Ovviamente non mancò anche l’associazione creata ad hoc per il sostegno (solo?) economico: è il caso di Soccorso Rosso che vedrà schierata addirittura l’intellighenzia “no-bel” quali Dario Fo e la di lui consorte la signora Franca Rame.
Campagne così innocentiste e strenui sostenitori di quella verità secondo cui “uccidere un fascista non è reato” oppure “Tutti i Fascisti come Falvella, con un coltello nelle budella”.
Erano anche questi gli anni di piombo, gli anni dell’omicidio Cecchin, ucciso per un manifesto probabilmente mai strappato, dell’assassinio di Sergio Ramelli, finito a colpi di chiave inglese, dell’omicidio di Primavalle, dove si bruciarono vivi i fratelli Mattei – uno non aveva che otto anni – della strage di Acca Larentia e poi, dall’altra parte, delle carriere folgoranti, dentro e fuori dal Parlamento, delle protezioni e delle sponsorizzazioni, della legge applicata e di quella interpretata.
Al funerale di Carlo partecipò commossa una vera moltitudine immensa di persone – circa diecimila persone – tutto lo stato Maggiore dell’MSI con a capo Almirante e il suo ricordo oggi è più vivo che mai, al netto delle strumentalizzazioni “parlamentarizzate” che non poco fastidio hanno creato alla famiglia, addirittura non invitata alle celebrazioni del ricordo.
Ricordo che è più attuale e valido che mai, che fedelmente incarna quella torcia che non si spegne, quel testimone passato e per cui bisogna impegnarsi anche solo per esserne degni.
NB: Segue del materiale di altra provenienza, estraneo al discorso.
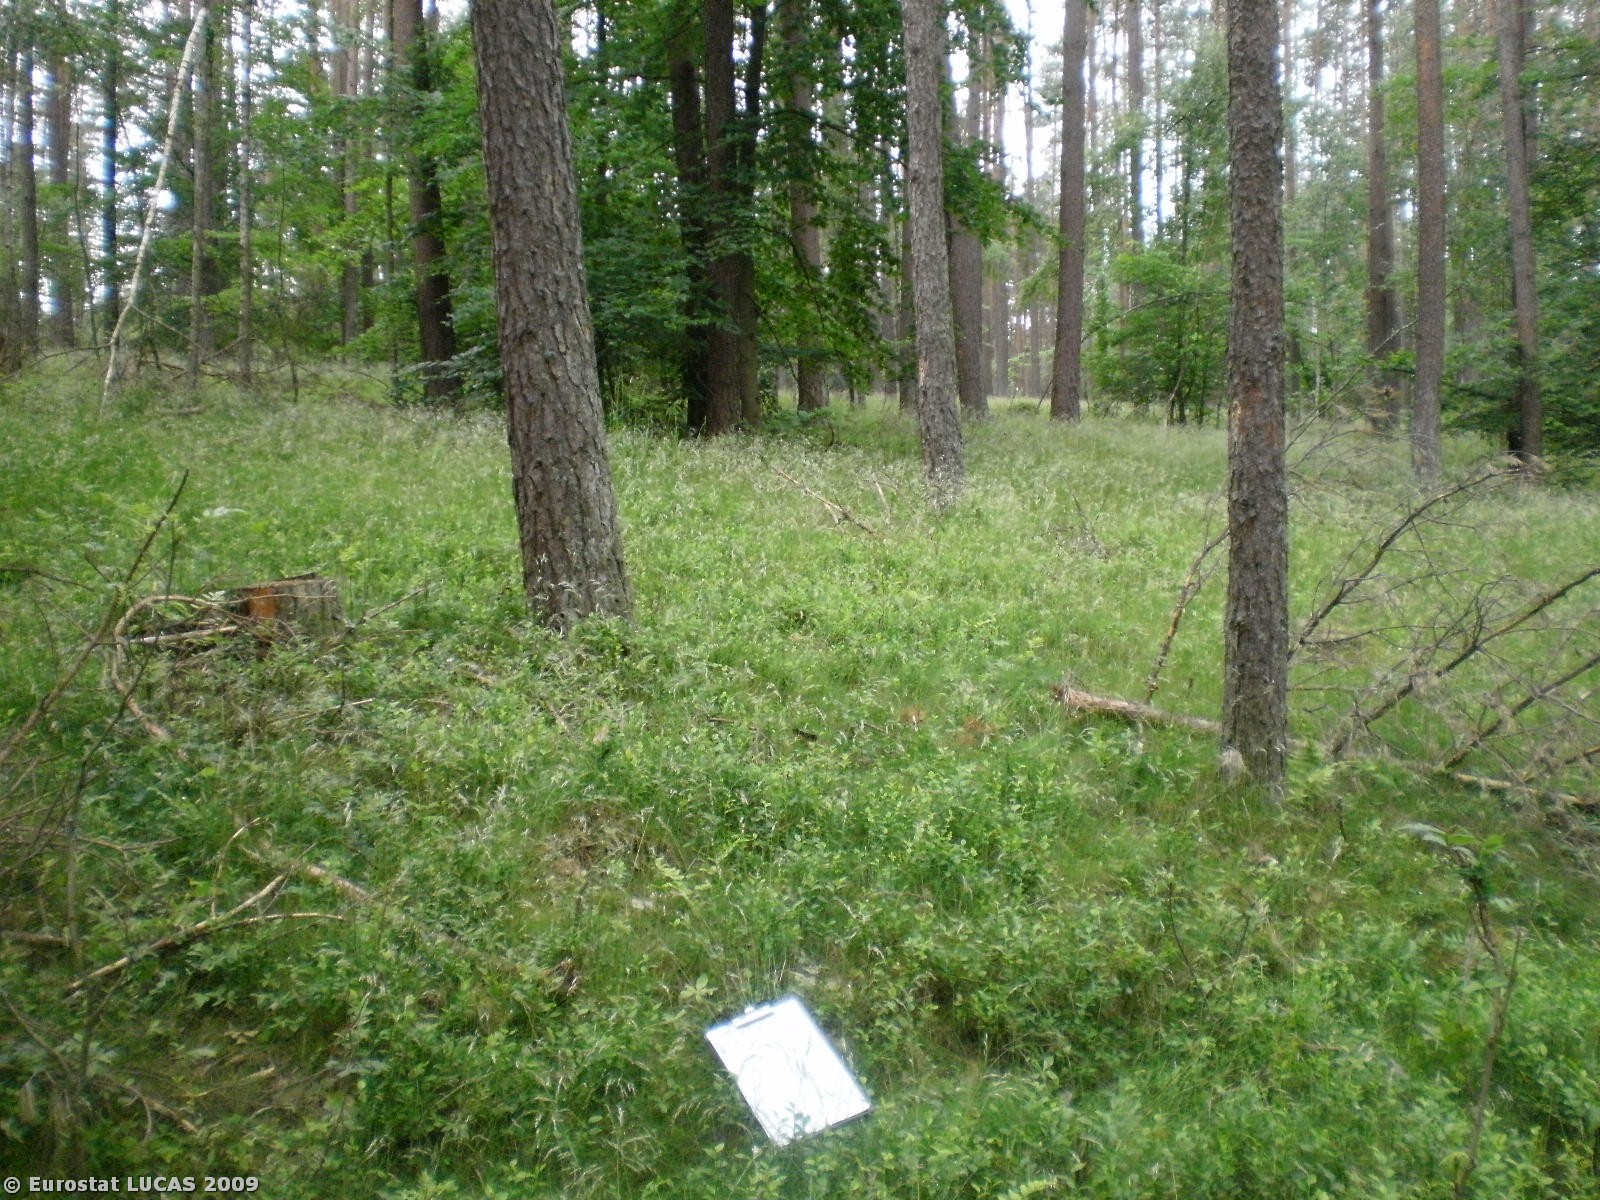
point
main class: Woodland
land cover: Coniferous woodland
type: hemiboreal forest and nemoral coniferous forest and mixed broadleaved-coniferous forest
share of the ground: > 75 %
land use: Forestry
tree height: > 5 m
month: June
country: PL
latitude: 53.7584
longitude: 19.8740

Degni del coraggio per quella Idea resa immortale con la morte, quella Idea che vive e che fa luce e strada, quella fiamma che ancora passa di mano in mano, dai veterani ai più giovani, quella Idea che, proprio come Carlo, vive ancora. Che, come ebbe a dire ai funerali mamma Flora “hanno ucciso Carlo ma non la sua Idea”. A distanza di cinquant’anni ha ancora ragione lei.